Content crawling in Office SharePoint fails
Problem
Office SharePoint fails to fully crawl a content source containing Excel files with think-cell links and the following message is found in the crawl log:
Error in the Site Data Web Service. (Invalid high surrogate character (0xXXXX). A high surrogate character must have a value from range (0xD800 - 0xDBFF).)
Cause
This is due to a bug in Excel 2000 and Excel XP that results in the generation of Excel files with corrupt metadata. The problem occurs when a string custom document property with a linked source is added to an Excel document and the source cannot be resolved. In later versions of Excel the document property value is set to something valid (e.g. an empty string). In Excel 2000 and Excel XP, however, the value contains garbage and may cause the Office SharePoint crawler to fail. The Excel documentation explicitly states that the document property value is set to a default value before being updated when the source is resolved, and so this behavior is an Excel 2000 and Excel XP bug.

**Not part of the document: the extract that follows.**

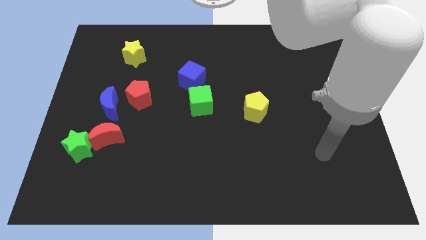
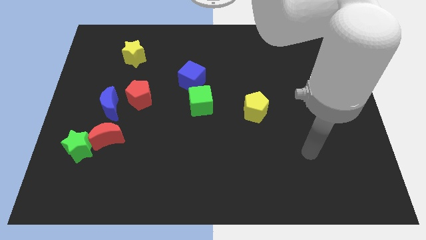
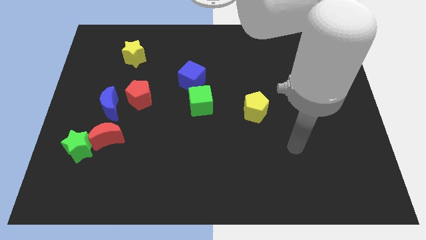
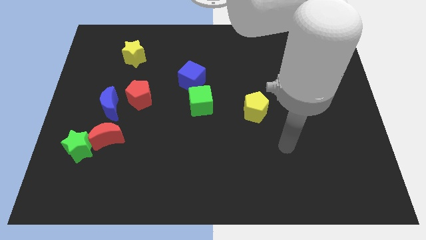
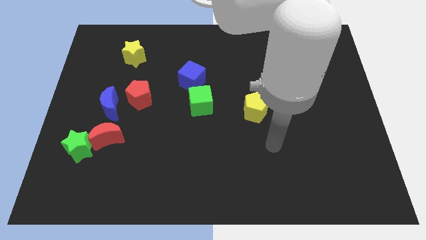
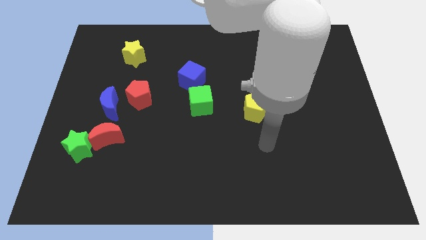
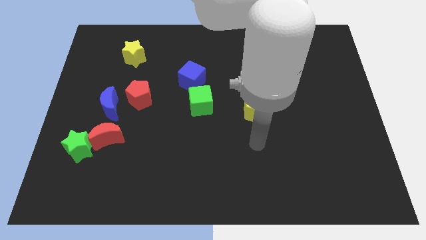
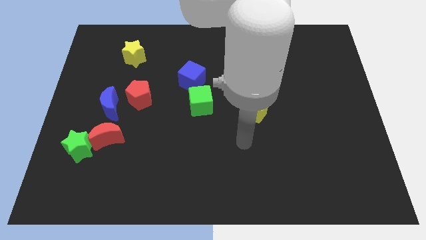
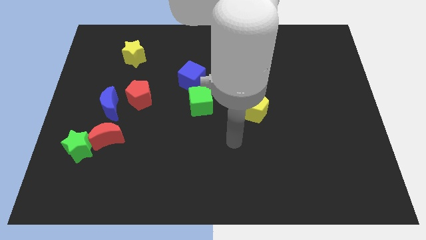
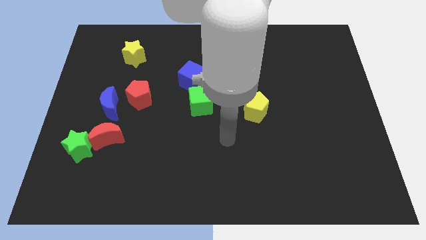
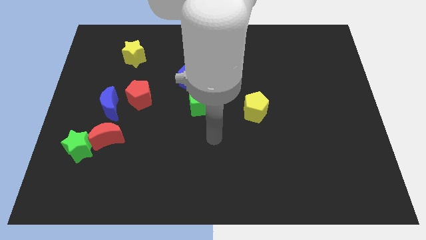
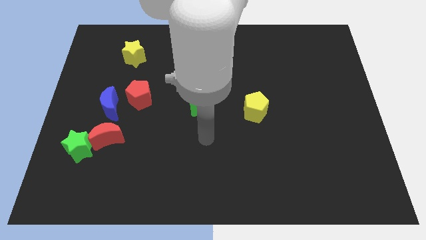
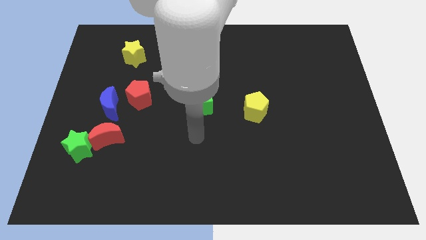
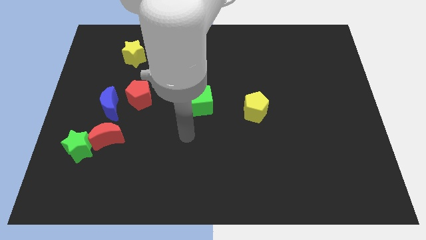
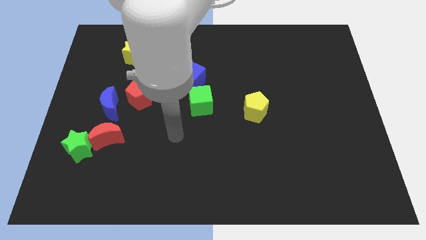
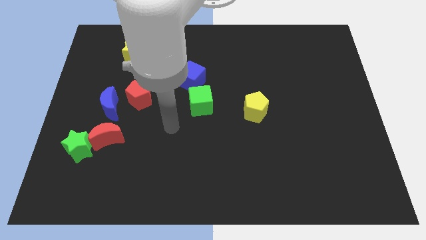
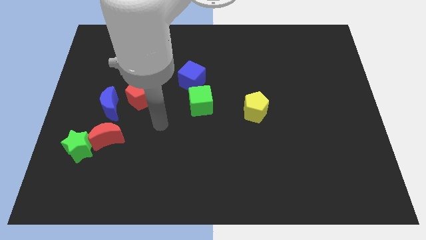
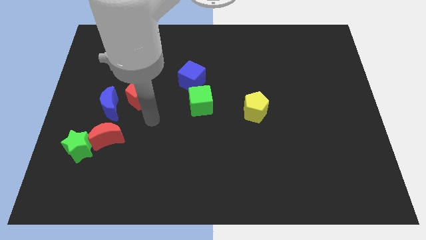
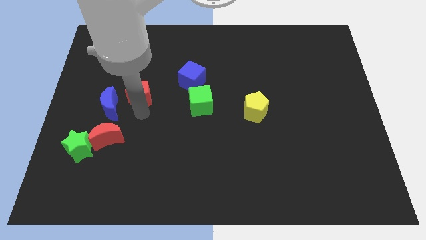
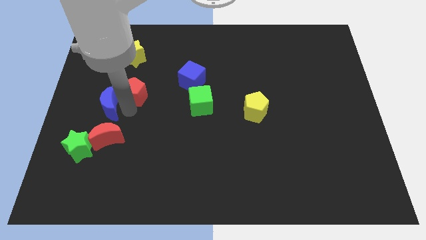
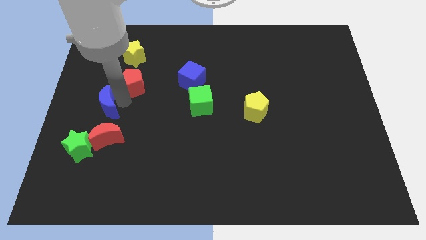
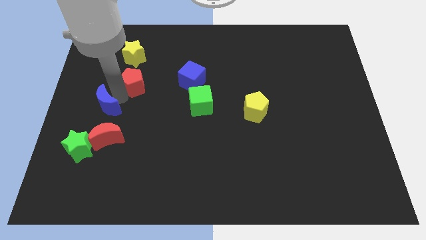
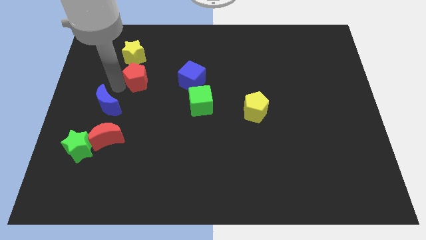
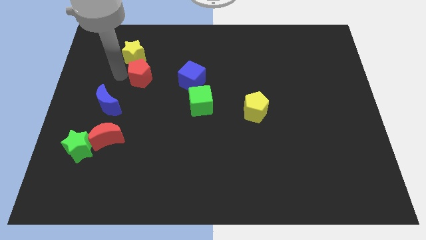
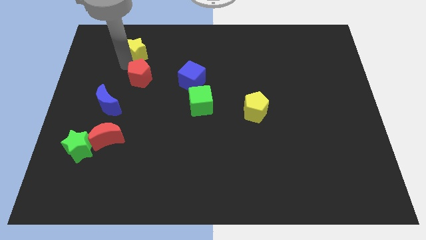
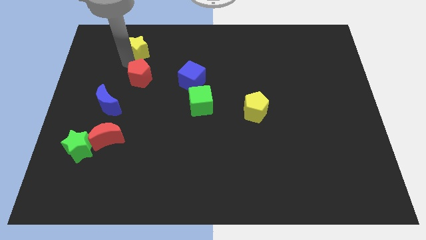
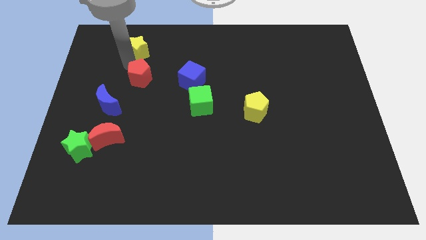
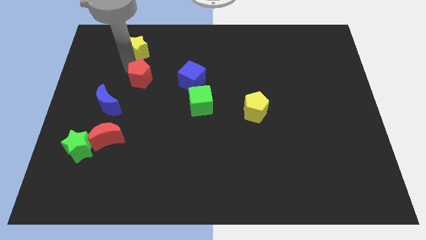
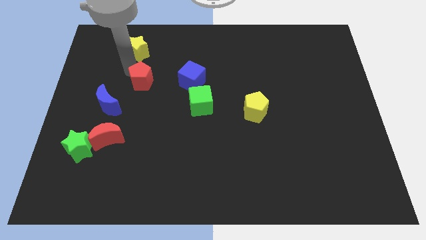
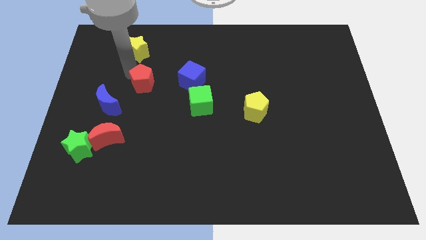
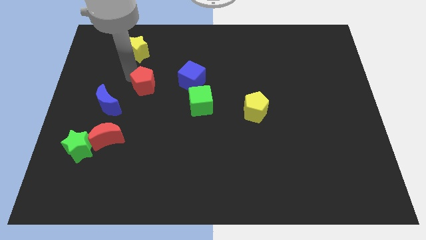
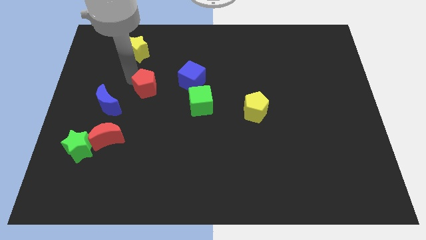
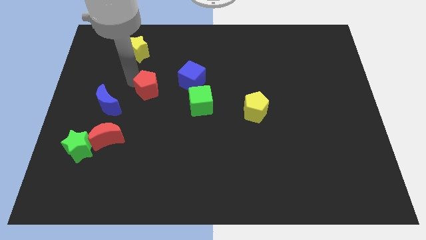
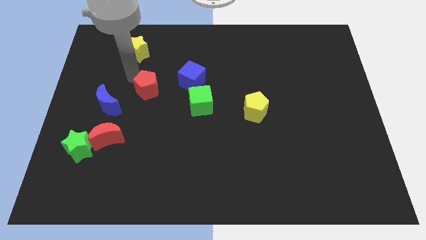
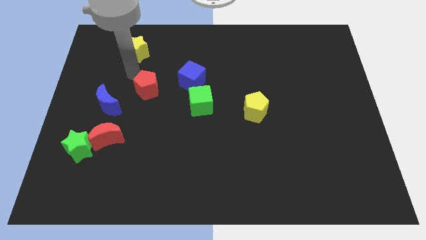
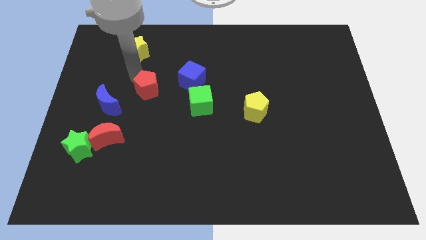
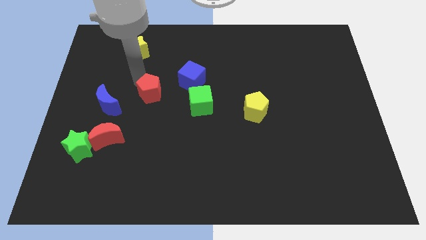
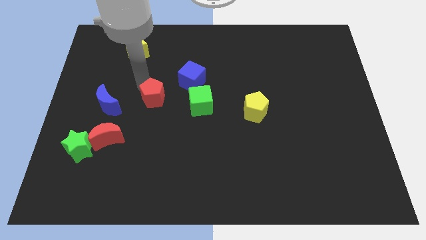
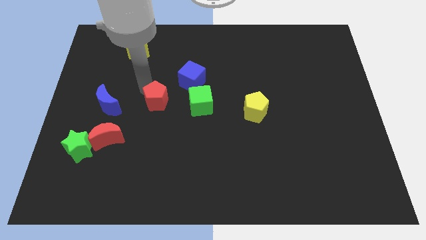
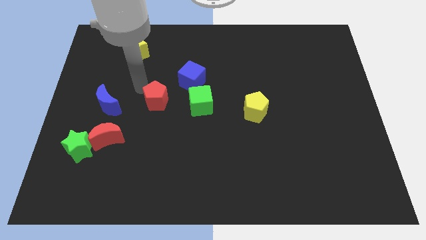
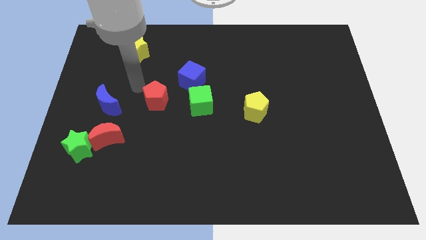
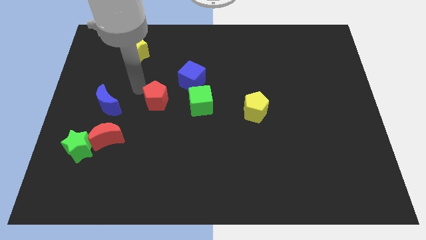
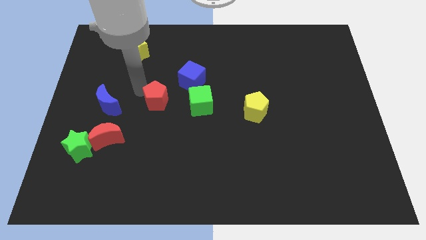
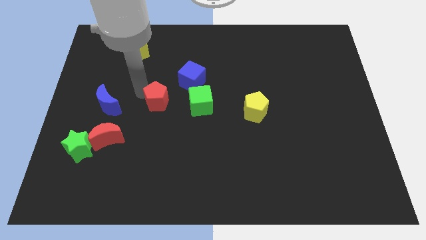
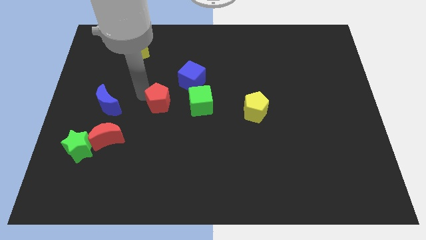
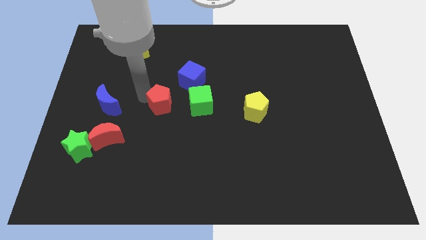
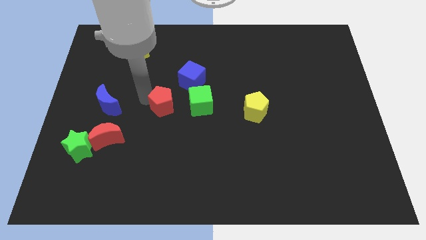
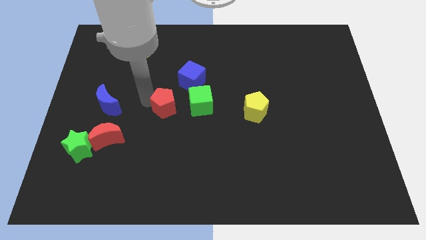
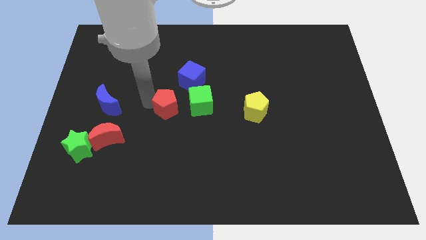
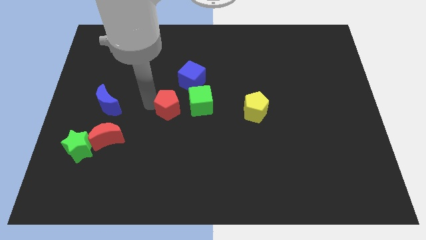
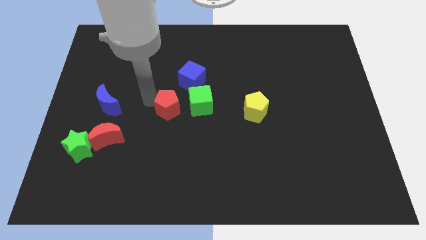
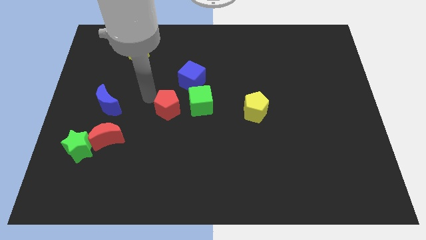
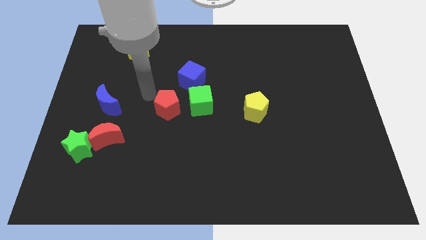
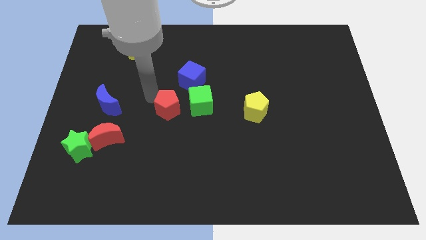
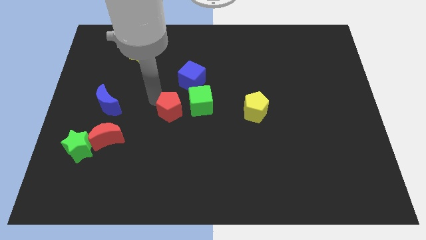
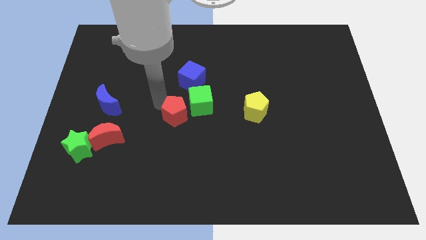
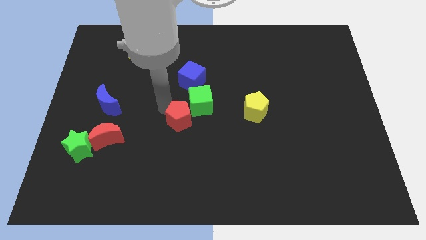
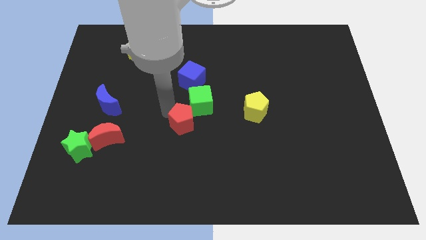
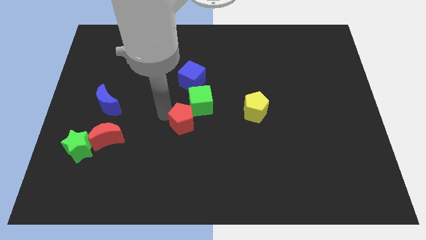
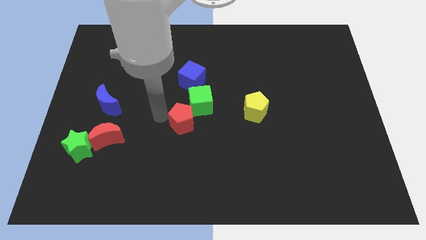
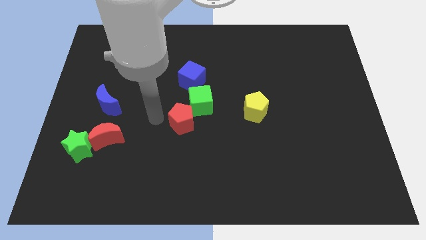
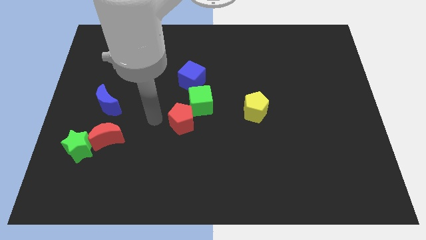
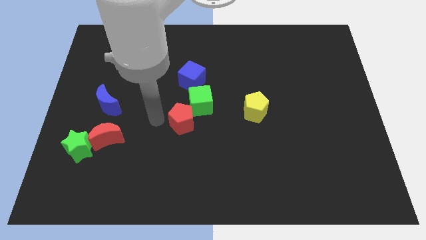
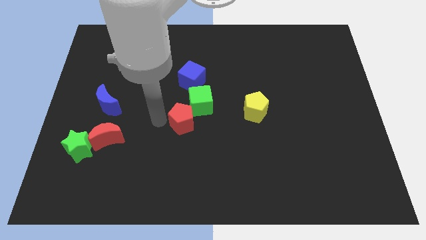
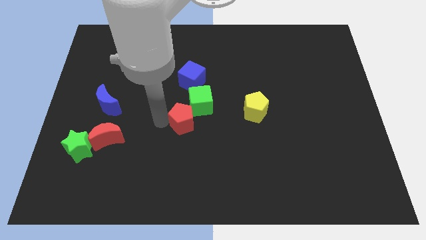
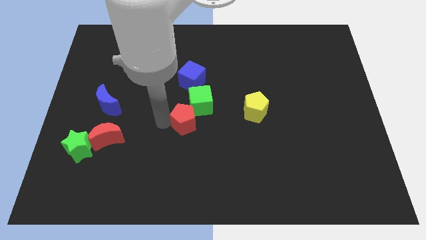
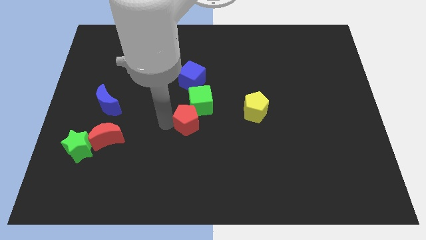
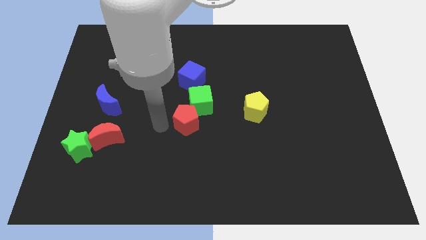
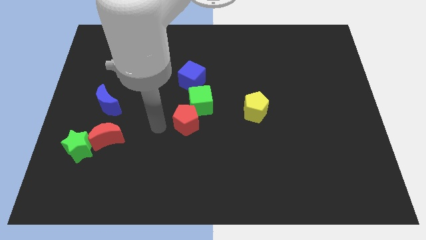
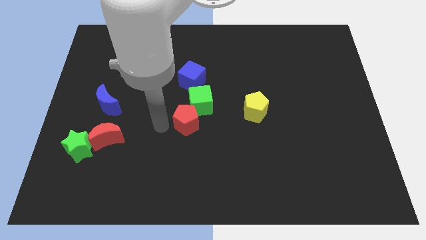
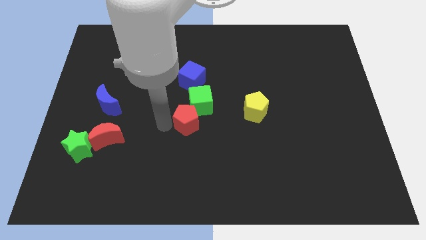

The problem can be reproduced using the following steps:
- Use the following link to download a very simple Excel file: LinkSourceProp.xls.
- Load the file using Office 2000 or Office XP Excel, ensuring macros are active.
- Press Alt+F11 to open the macro window and run the AddDocumentProperty routine.
- Go to File > Properties and select the Custom tab.
- The value associated with the newly added TestProperty is garbage.
Solution
think-cell uses custom document properties and, after noticing this behavior, we altered our code to add our document properties with type boolean rather than string. Both Excel 2000 and Excel XP set the document property to a valid boolean value and this value remains valid if the link source cannot be resolved.
Files created using think-cell 5.0 and higher use this workaround and should be successfully crawlable by Office SharePoint.
Please contact Microsoft Office Support directly for advice about repairing corrupt document property values in Excel 2000 or Excel XP generated files.